Tout ce beau monde dans le Gaumont Marignan, la salle d’attente se remplit doucement, on attend juste le signal pour rentrer dans la salle. La salle parlons-en, il y a deux types de salles, l’amphithéâtre, représenté comme ceci : \ | ; et les salles plates comme ceci : _ |. Là c’est plat, la scène et l’écran sont légèrement surélevés, cela favorise ceux qui ont la fougue de se placer dans les premiers rangs. C’est idéalement placé que la convention peut démarrer.

Gros débat quelques minutes avant le début du showeb : quel sera le film surprise de fin de convention ? Les possibilités fusent et c’est au bout de 2 minutes de convention que l’on nous apprend que le film ne sera pas diffuser faute de temps.

Premier résumé, l’événement : Trois sessions, les gros distributeurs, les petits et indépendants puis les gros. Entre les sessions, une pause repas. Le buffet, simple, très simple, mais efficace, rien à redire. Une pause café ou un goûter, pareil efficace, simple et funky.
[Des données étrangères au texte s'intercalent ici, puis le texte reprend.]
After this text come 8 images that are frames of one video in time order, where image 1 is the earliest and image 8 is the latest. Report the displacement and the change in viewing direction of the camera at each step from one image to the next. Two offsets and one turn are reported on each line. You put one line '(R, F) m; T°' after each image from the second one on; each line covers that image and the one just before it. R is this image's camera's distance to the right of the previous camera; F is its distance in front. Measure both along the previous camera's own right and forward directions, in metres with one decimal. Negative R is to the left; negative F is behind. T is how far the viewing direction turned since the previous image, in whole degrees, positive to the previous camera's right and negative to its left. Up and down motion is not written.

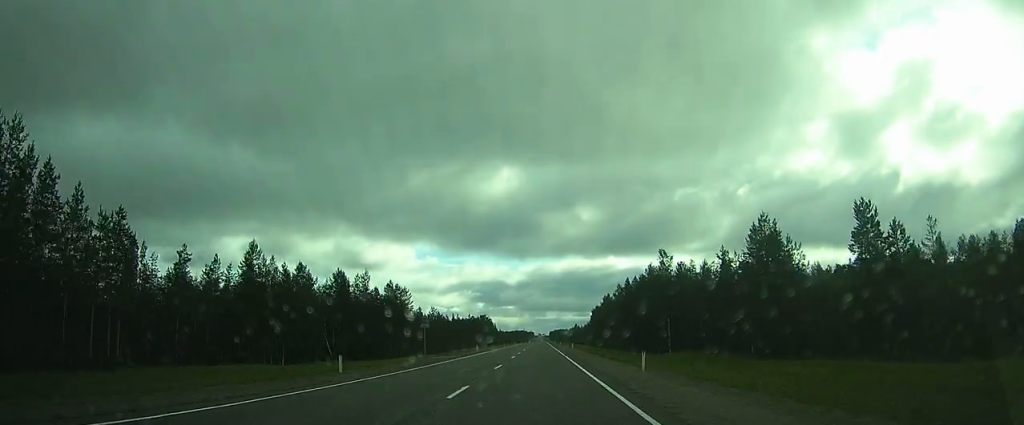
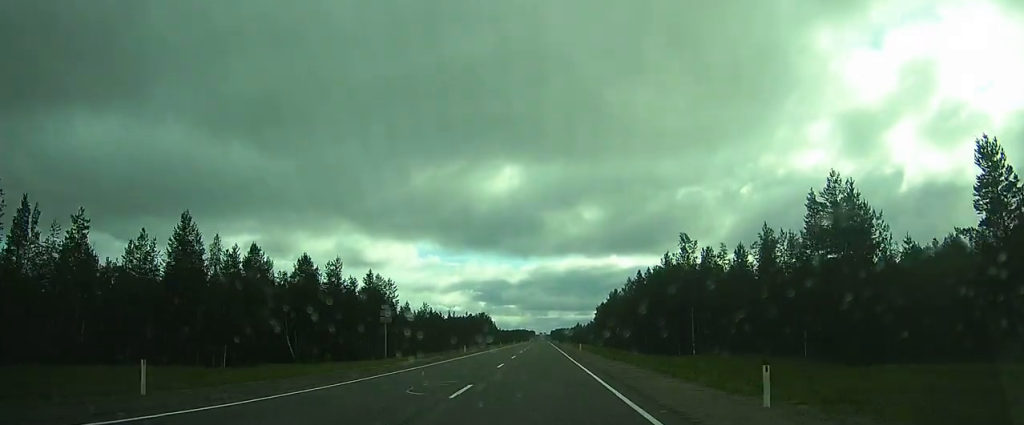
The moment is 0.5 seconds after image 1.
(+0.1, +12.6) m; 0°
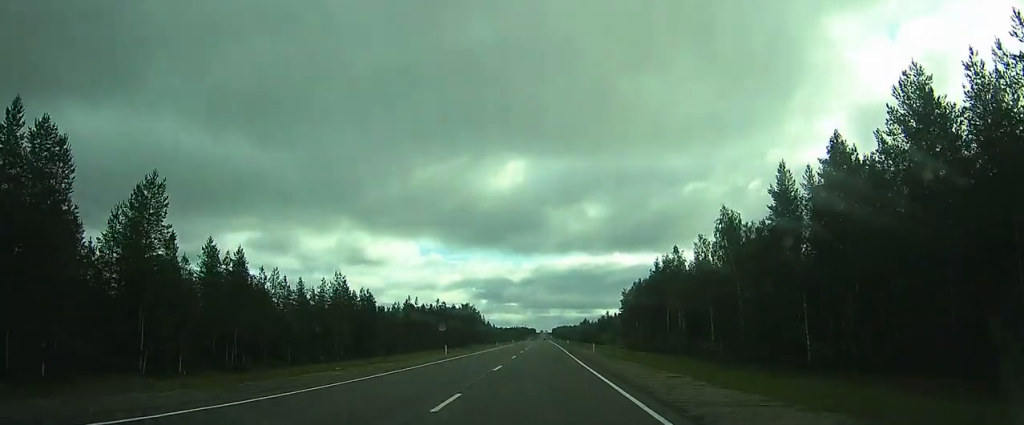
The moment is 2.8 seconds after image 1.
(+0.1, +64.0) m; 0°
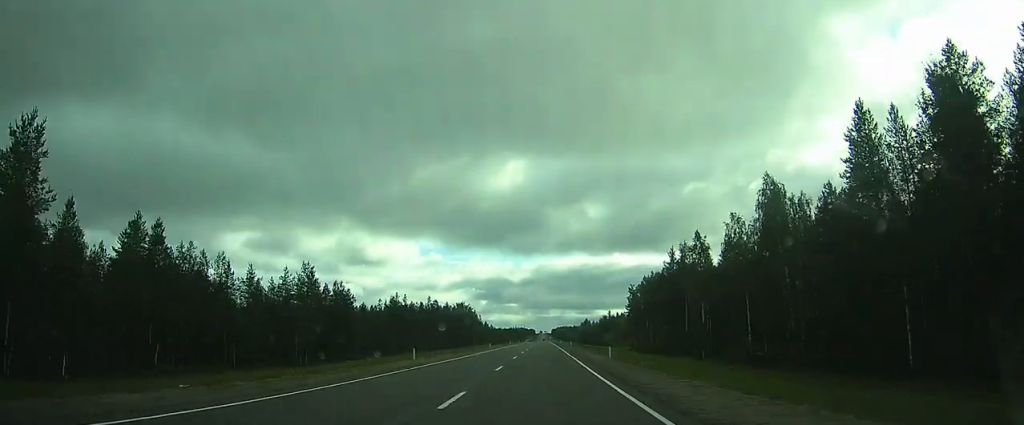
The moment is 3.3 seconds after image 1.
(0.0, +11.8) m; 0°
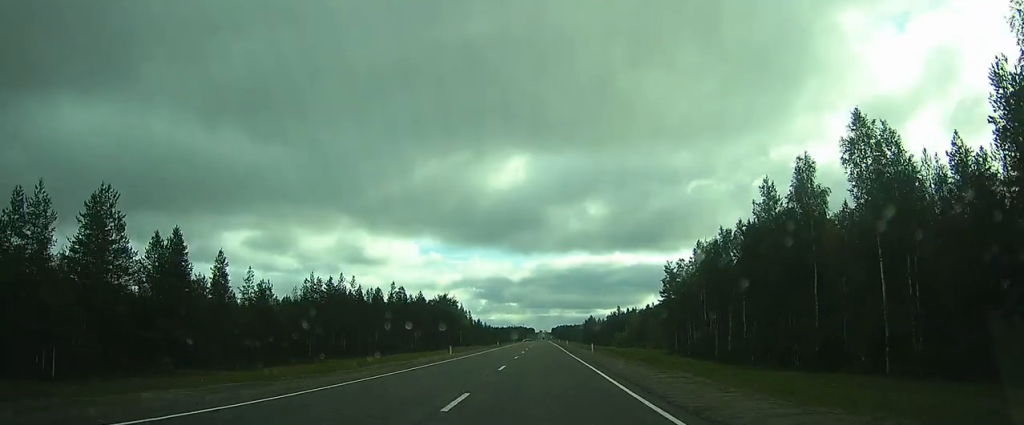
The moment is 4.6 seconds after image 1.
(0.0, +37.3) m; +1°
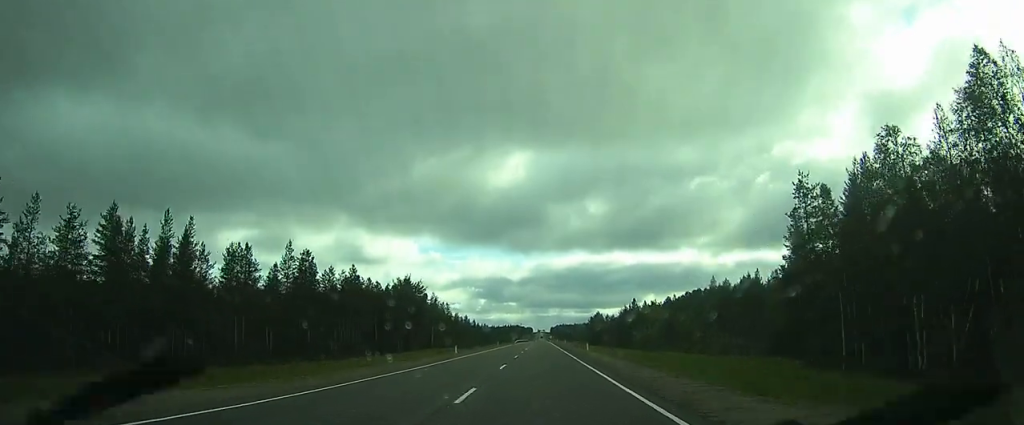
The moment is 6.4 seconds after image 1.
(+0.1, +48.0) m; -1°
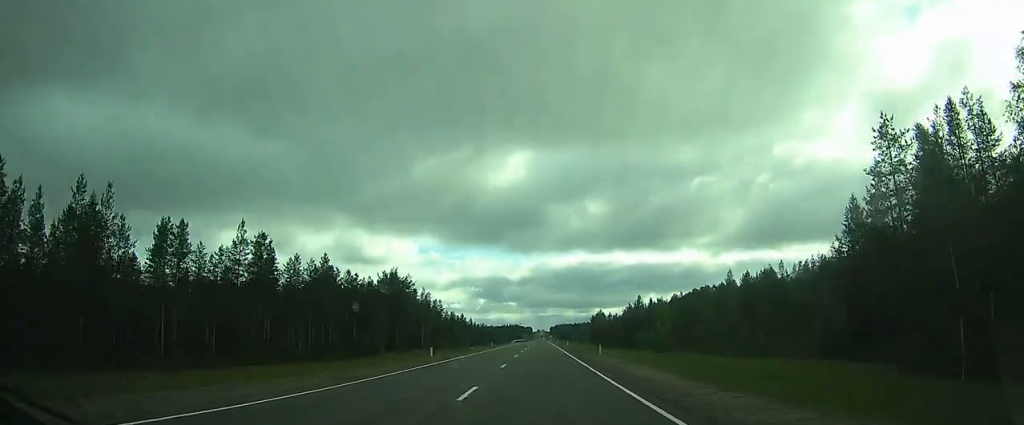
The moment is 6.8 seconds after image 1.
(-0.1, +11.7) m; 0°
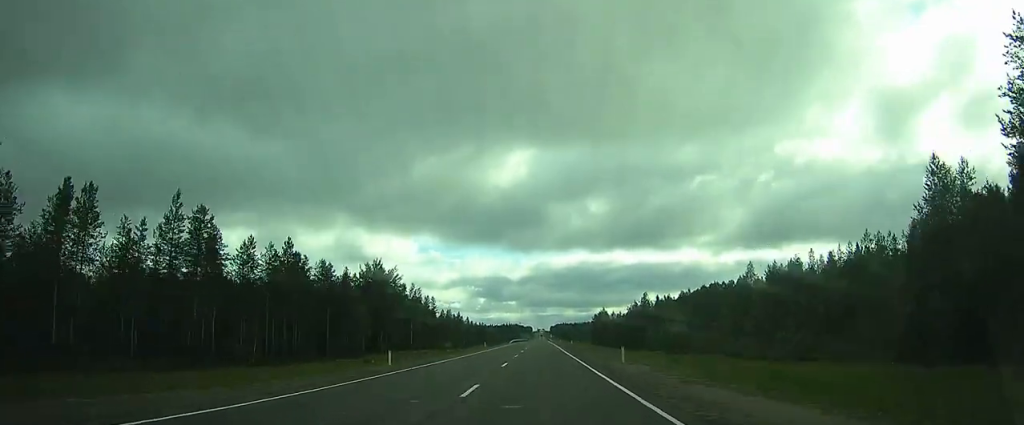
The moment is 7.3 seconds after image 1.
(0.0, +11.6) m; 0°

Passons aux choses sérieuses, les films.

Il y  avait beaucoup de distributeurs, c’est une très bonne chose, mais c’était long, surtout si certains d’entre eux n’apportent pas grand chose. Pour convaincre dans ce genre d’événement il faut des coups de coeur, que ce soit en rapport au style du film, au casting, à la bande annonce ou autres. Ce showeb (m’)aura déçu dans ce sens, sur approximativement une bonne centaine de films présentés, seuls une petite dizaine auront retenu mon attention. Les voici :

Men and Chicken :

Distributeur : Urban Distribution

Le film est déjà sorti, mais au Danemark. Il s’agit d’une comédie noire qui sort des sentiers battus, l’humour est différent, le film aussi. Le film sera adoré ou haï.

The Danish Girl :

Distributeur : Universal Pictures

Quelle transition. Tom Hooper, Eddie Redmayne. Le réalisateur du Discours d’un roi accompagné de celui qui a joué Stephen Hawking dans Une Merveilleuse histoire du temps. Je pourrais m’arrêter là que cela devrait avoir convaincu une majorité d’aller voir ce film, du coup je vais arrêter et laisser le trailer terminer de vous convaincre.

Pauline s’arrache

distributeur : Jour2fête

Strip-tease, l’émission de France 3, vous étiez fan ? Vous adorerez Pauline s’arrache. C’est drôle, c’est filmé différemment, c’est punk. Et ça sort avant Noël.

Un joli podium du showeb. La conclusion comportera une liste de noms de films qui feront parler d’eux vus lors de la convention :

Made in FranceRoomArrêtez moi là, Mr. Gaga, Bastille Day, Au nom de ma fille, Legend.